EXERCISE INSTRUCTIONS
The lines wanted are those in the data below that include "style".

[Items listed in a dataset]
.....
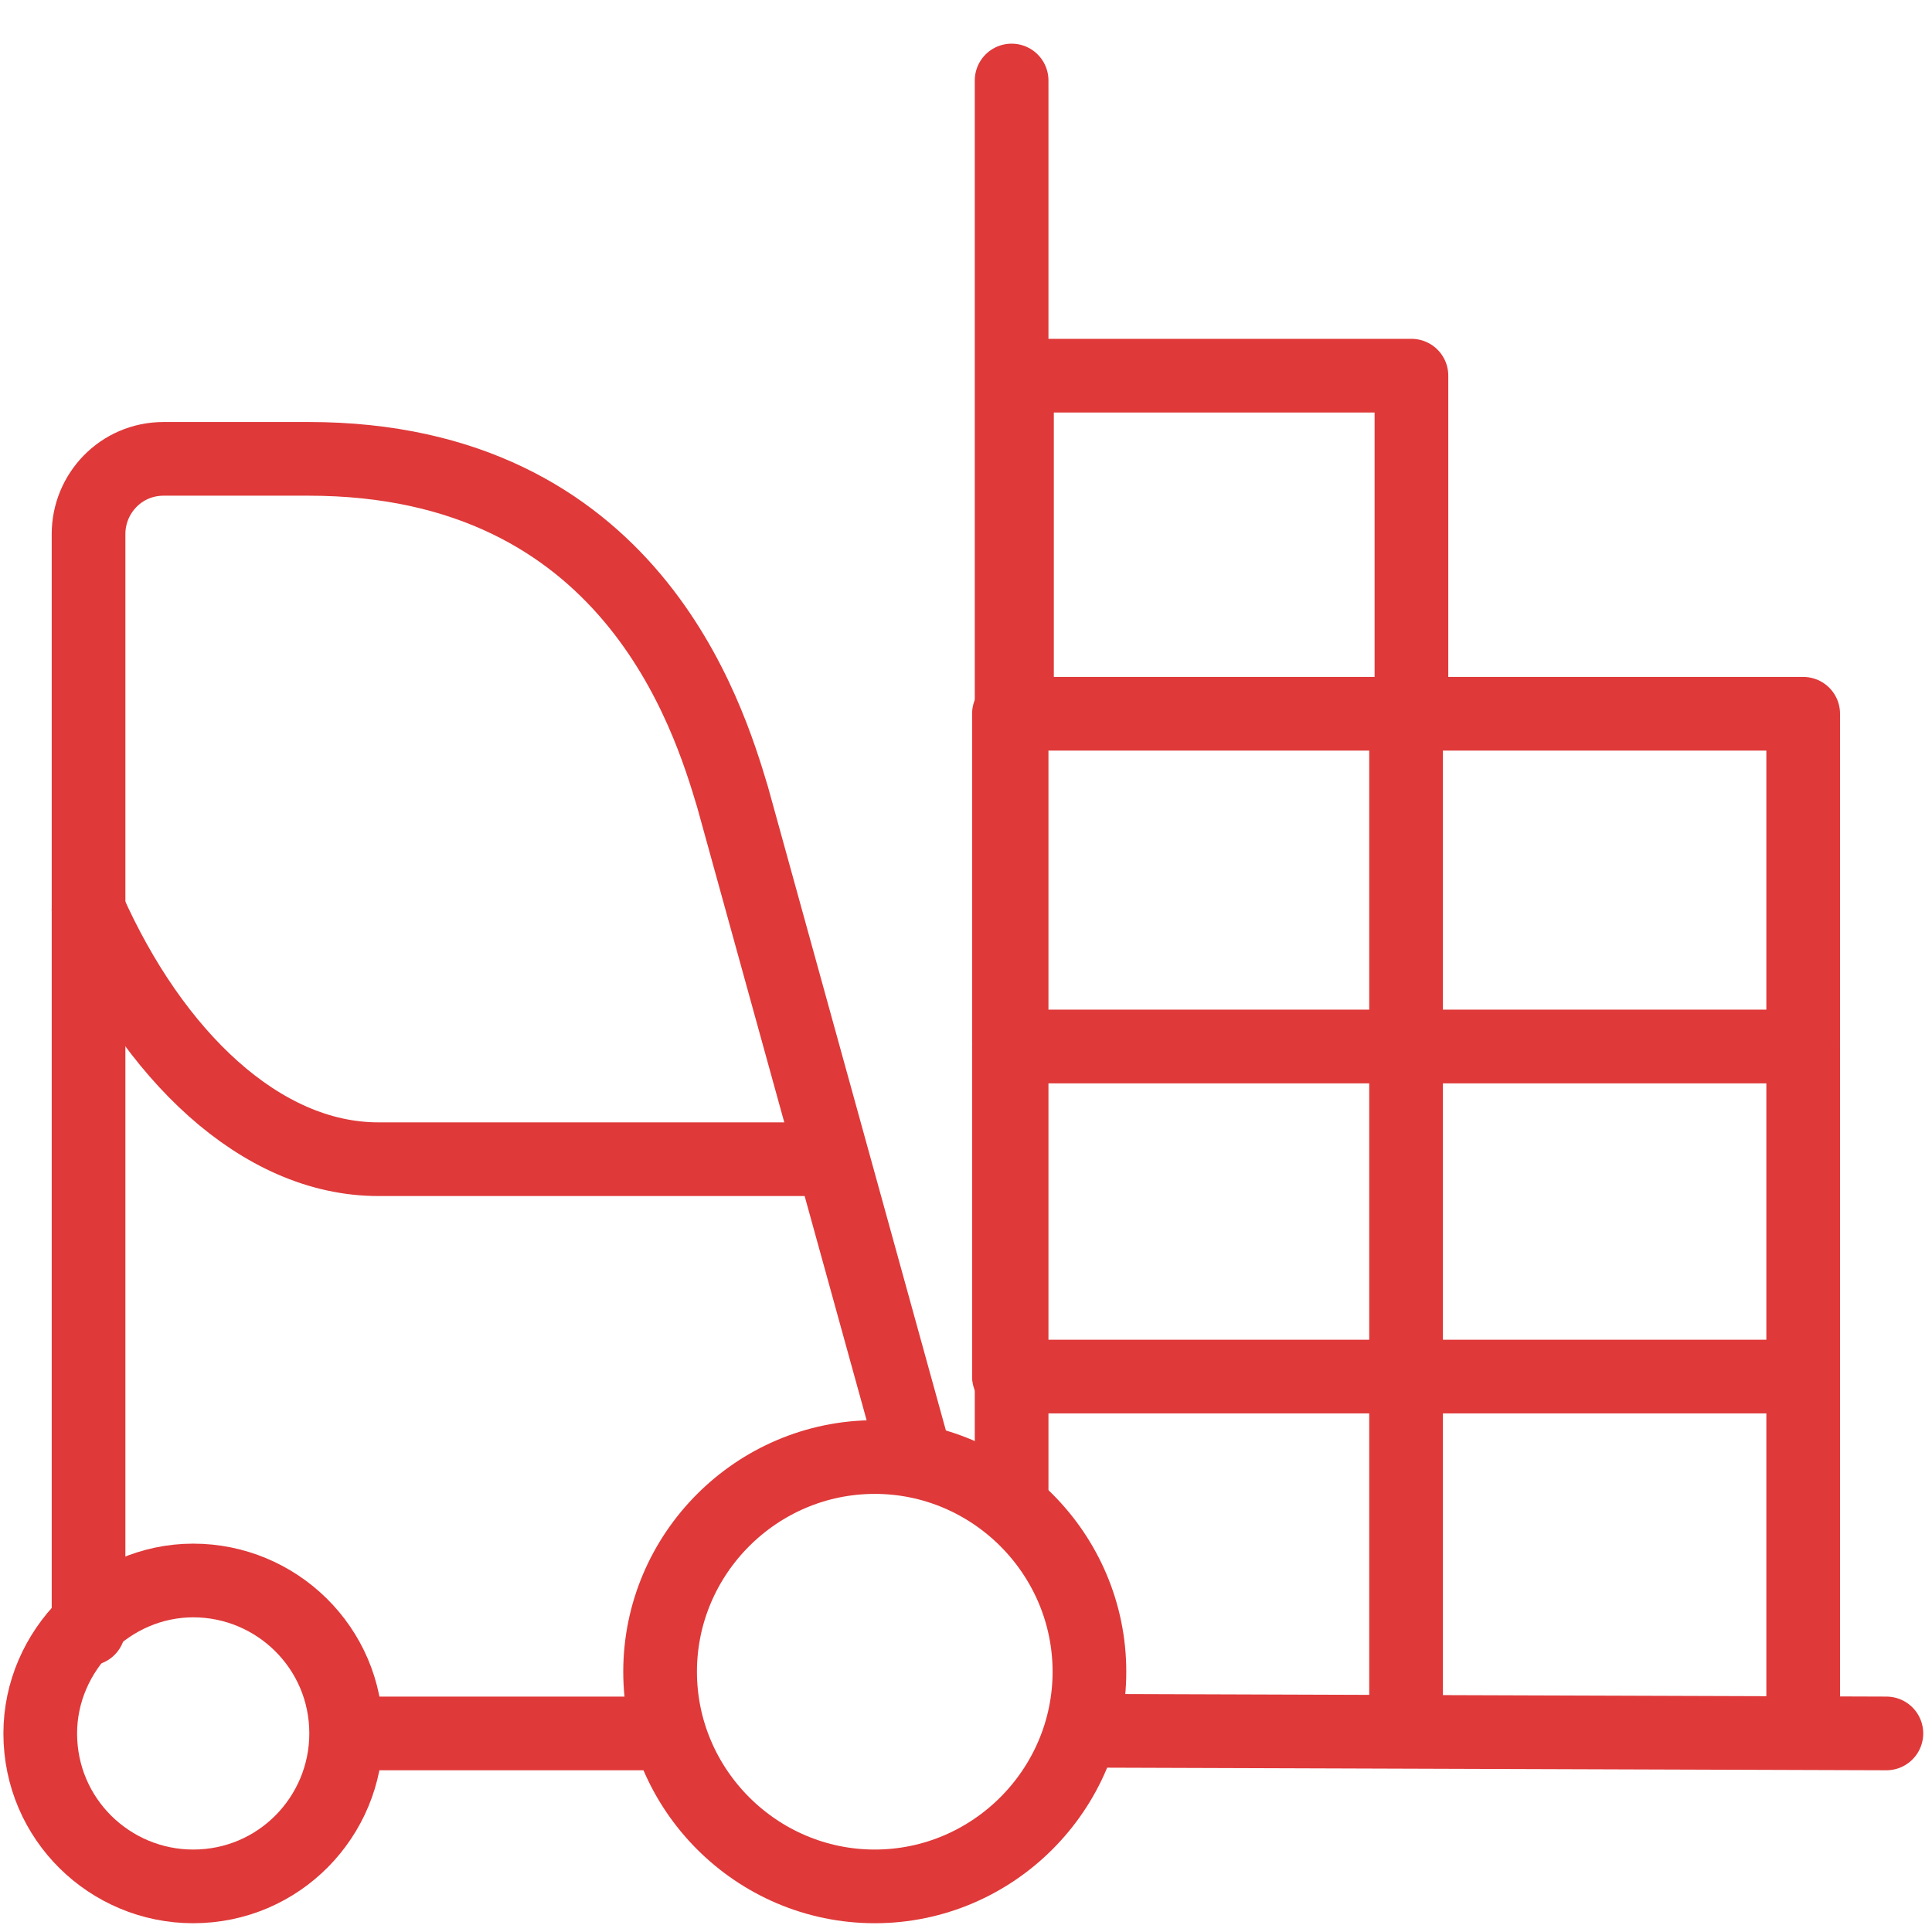 <?xml version="1.0" encoding="utf-8"?>
<!-- Generator: Adobe Illustrator 24.2.1, SVG Export Plug-In . SVG Version: 6.00 Build 0)  -->
<svg version="1.1" id="Layer_1" xmlns="http://www.w3.org/2000/svg" xmlns:xlink="http://www.w3.org/1999/xlink" x="0px" y="0px"
	 viewBox="0 0 72 72" style="enable-background:new 0 0 72 72;" xml:space="preserve">
<style type="text/css">
	.st0{fill:none;stroke:#DF3939;stroke-width:2.746;stroke-linecap:round;stroke-linejoin:round;stroke-miterlimit:22.926;}
</style>
<polyline class="st0" points="37.6,51.2 37.6,39 52.4,39 "/>
<line class="st0" x1="37.6" y1="51.3" x2="52.4" y2="51.3"/>
<polyline class="st0" points="52.4,38.8 52.4,26.6 67.2,26.6 67.2,38.8 "/>
<polyline class="st0" points="37.6,38.8 37.6,26.6 52.4,26.6 "/>
<polyline class="st0" points="52.4,51.2 52.4,39 67.2,39 67.2,51.2 "/>
<polyline class="st0" points="52.4,63.5 52.4,51.3 67.2,51.3 67.2,63.5 "/>
<line class="st0" x1="37.7" y1="3" x2="37.7" y2="55.8"/>
<line class="st0" x1="40.4" y1="64.5" x2="70.3" y2="64.6"/>
<polyline class="st0" points="37.9,26.2 37.9,14 52.6,14 52.6,26.2 "/>
<path class="st0" d="M32.6,54.3c4.4,0,8,3.6,8,8c0,4.4-3.6,8-8,8c-4.4,0-8-3.6-8-8C24.6,57.9,28.2,54.3,32.6,54.3L32.6,54.3z"/>
<path class="st0" d="M7.2,58.9c3.1,0,5.7,2.5,5.7,5.7c0,3.1-2.5,5.7-5.7,5.7c-3.1,0-5.7-2.5-5.7-5.7C1.5,61.5,4.1,58.9,7.2,58.9
	L7.2,58.9z"/>
<path class="st0" d="M3.3,60.7V19.9c0-1.5,1.2-2.8,2.8-2.8h5.4c12,0,14.9,9.6,15.8,12.6l6.8,24.6"/>
<line class="st0" x1="24.4" y1="64.6" x2="13.6" y2="64.6"/>
<path class="st0" d="M3.3,33.9c2.4,5.4,6.4,9.3,10.8,9.3h16"/>
</svg>
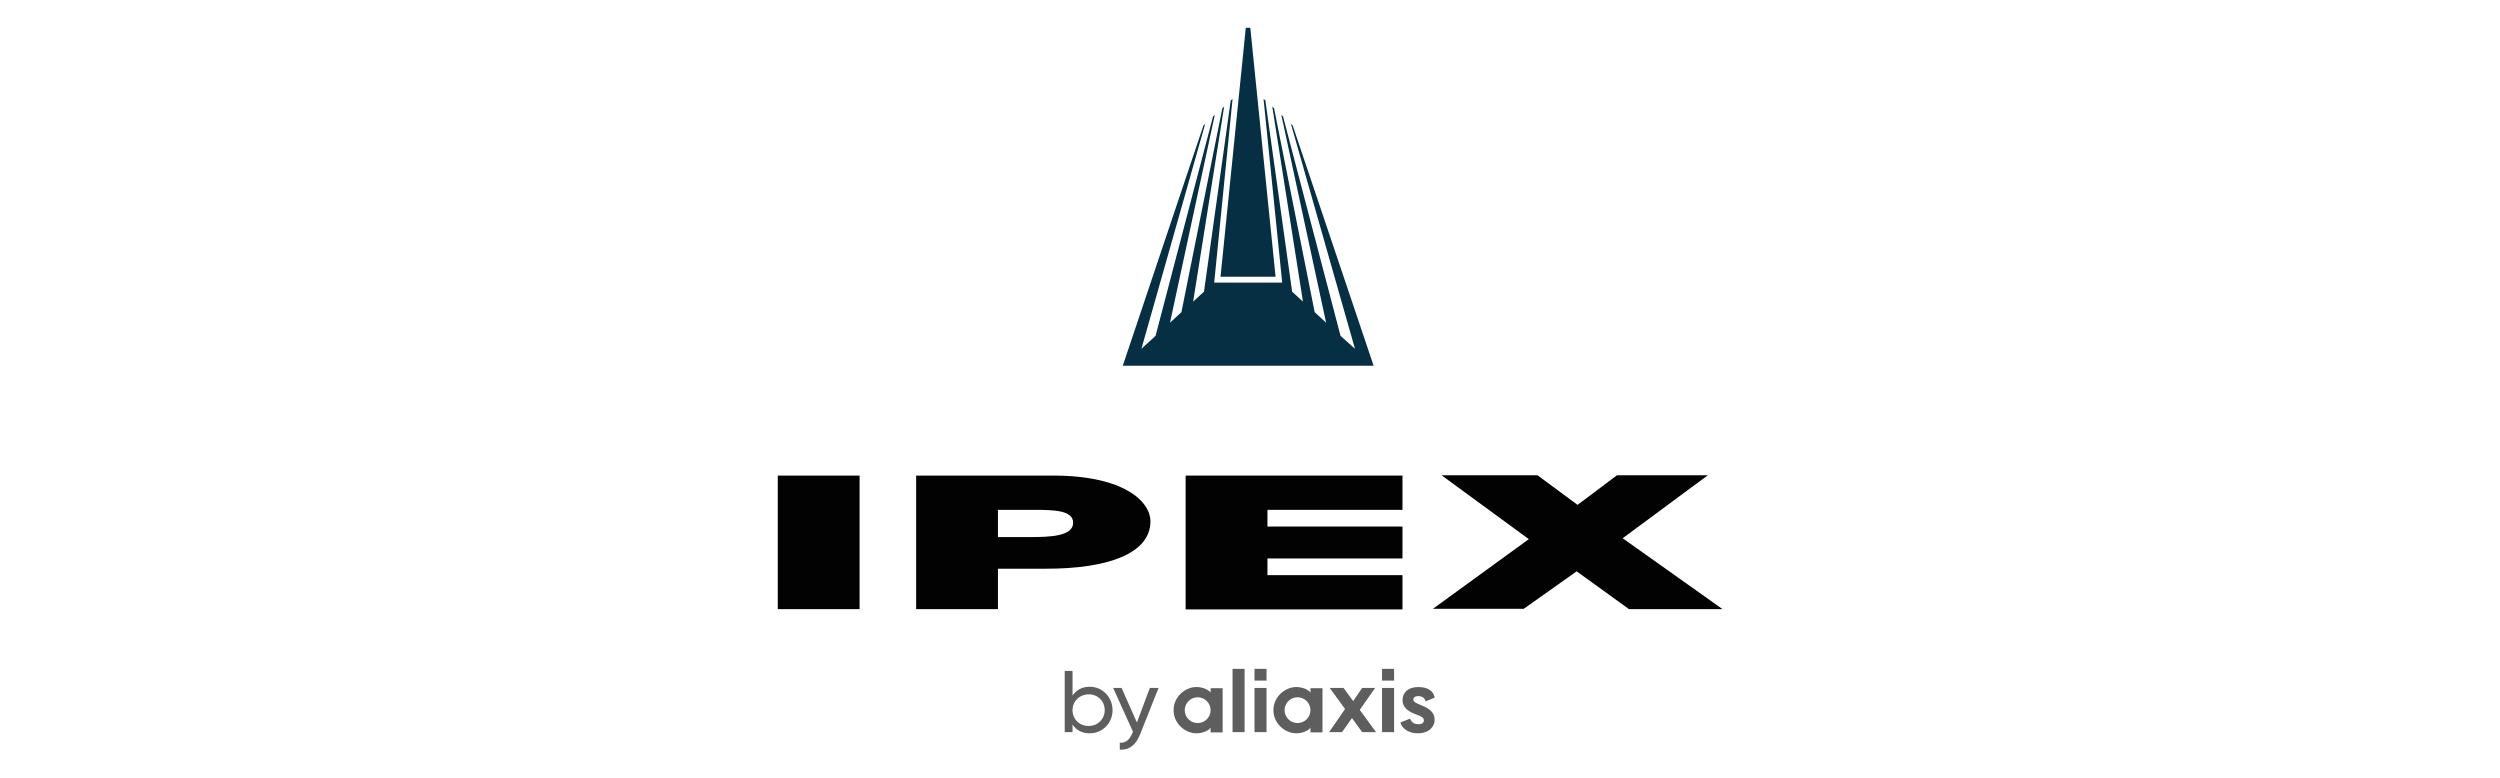 <?xml version="1.0" encoding="UTF-8"?> <svg xmlns="http://www.w3.org/2000/svg" width="180" height="56" viewBox="0 0 180 56" fill="none"><g clip-path="url(#clip0)"><path d="M56 34.242H61.89V43.858H56V34.242Z" fill="#020203"></path><path d="M65.962 34.242H75.815C81.013 34.242 82.832 36.161 82.832 37.531C82.832 39.872 79.735 40.947 75.339 40.947H71.852V43.857H65.962V34.242ZM71.852 38.67H74.126C75.642 38.67 77.266 38.607 77.266 37.637C77.266 36.751 75.924 36.709 74.473 36.709H71.852V38.67Z" fill="#020203"></path><path d="M85.365 34.242H100.979V36.709H91.256V37.911H100.979V40.209H91.256V41.411H100.979V43.878H85.365V34.242Z" fill="#020203"></path><path d="M110.075 38.818L103.795 34.221H110.703L113.584 36.35L116.42 34.221H122.961L116.832 38.754L124.022 43.857H117.287L113.519 41.137L109.707 43.836H103.167L110.075 38.818Z" fill="#020203"></path><path d="M90.022 2L91.841 19.924H87.878L89.697 2H90.022Z" fill="#062F43"></path><path d="M98.901 26.334L93.076 9.043L92.946 8.916L97.558 25.111L96.519 24.183L92.382 8.389L92.253 8.263L95.479 23.234L94.656 22.475L91.733 7.799L91.603 7.672L93.812 21.716L93.032 20.999L91.105 7.229L90.975 7.124L92.317 20.345H87.423L88.744 7.124L88.614 7.229L86.687 20.999L85.907 21.716L88.138 7.672L88.008 7.799L85.063 22.475L84.24 23.234L87.467 8.263L87.337 8.389L83.2 24.183L82.183 25.111L86.774 8.916L86.644 9.043L80.84 26.334H98.901Z" fill="#062F43"></path><path d="M80.103 51.132C80.103 52.081 79.367 52.798 78.458 52.798C77.895 52.798 77.483 52.566 77.223 52.165V52.714H76.66V48.306H77.223V50.078C77.483 49.698 77.895 49.445 78.458 49.445C79.367 49.445 80.103 50.183 80.103 51.132ZM79.54 51.132C79.54 50.478 79.042 49.993 78.393 49.993C77.743 49.993 77.223 50.478 77.223 51.132C77.223 51.786 77.721 52.271 78.393 52.271C79.042 52.271 79.54 51.765 79.54 51.132ZM83.417 49.53L82.074 52.904C81.793 53.62 81.295 54.021 80.623 53.979V53.473C81.056 53.515 81.338 53.241 81.511 52.819L81.576 52.693L80.147 49.53H80.753L81.858 52.018L82.789 49.53H83.417ZM96.844 51.048L95.739 49.53H96.735L97.428 50.478L98.078 49.53H99.009L97.905 51.111L99.074 52.714H98.078L97.342 51.702L96.627 52.714H95.696L96.844 51.048ZM101.521 51.744C101.63 51.997 101.803 52.144 102.128 52.144C102.366 52.144 102.517 52.06 102.517 51.87C102.517 51.68 102.388 51.596 101.933 51.427C101.348 51.217 100.98 50.9 100.98 50.415C100.98 49.888 101.37 49.466 102.106 49.466C102.821 49.466 103.21 49.761 103.297 50.225L102.647 50.5C102.582 50.246 102.388 50.12 102.106 50.12C101.889 50.12 101.76 50.225 101.76 50.373C101.76 50.542 101.933 50.605 102.323 50.774C102.907 51.006 103.297 51.301 103.297 51.828C103.297 52.292 102.907 52.798 102.084 52.798C101.478 52.798 100.958 52.503 100.828 52.018L101.521 51.744ZM90.325 52.714H91.191V49.53H90.325V52.714ZM90.325 49.002H91.191V48.159H90.325V49.002ZM99.507 52.714H100.374V49.53H99.507V52.714ZM99.507 49.002H100.374V48.159H99.507V49.002ZM88.744 48.159H89.611V52.714H88.744V48.159ZM87.163 49.53V49.867C87.033 49.677 86.622 49.466 86.145 49.466C85.344 49.466 84.543 50.141 84.5 51.048C84.5 51.069 84.5 51.111 84.5 51.132C84.5 51.153 84.5 51.195 84.5 51.217C84.543 52.123 85.344 52.798 86.145 52.798C86.622 52.798 87.033 52.587 87.163 52.397V52.735H88.03V49.551H87.163V49.53ZM86.232 52.06C85.712 52.06 85.301 51.638 85.301 51.132C85.301 50.626 85.712 50.204 86.232 50.204C86.752 50.204 87.163 50.626 87.163 51.132C87.163 51.638 86.752 52.06 86.232 52.06ZM94.353 49.53V49.867C94.223 49.677 93.812 49.466 93.335 49.466C92.534 49.466 91.733 50.141 91.689 51.048C91.689 51.069 91.689 51.111 91.689 51.132C91.689 51.153 91.689 51.195 91.689 51.217C91.733 52.123 92.534 52.798 93.335 52.798C93.812 52.798 94.223 52.587 94.353 52.397V52.735H95.219V49.551H94.353V49.53ZM93.422 52.06C92.902 52.06 92.491 51.638 92.491 51.132C92.491 50.626 92.902 50.204 93.422 50.204C93.942 50.204 94.353 50.626 94.353 51.132C94.353 51.638 93.942 52.06 93.422 52.06Z" fill="#5F5E5E"></path></g><defs><clipPath id="clip0"><rect width="68" height="52" fill="white" transform="translate(56 2)"></rect></clipPath></defs></svg>
.....
EXPECTED ANSWER
	 viewBox="0 0 72 72" style="enable-background:new 0 0 72 72;" xml:space="preserve">
<style type="text/css">
</style>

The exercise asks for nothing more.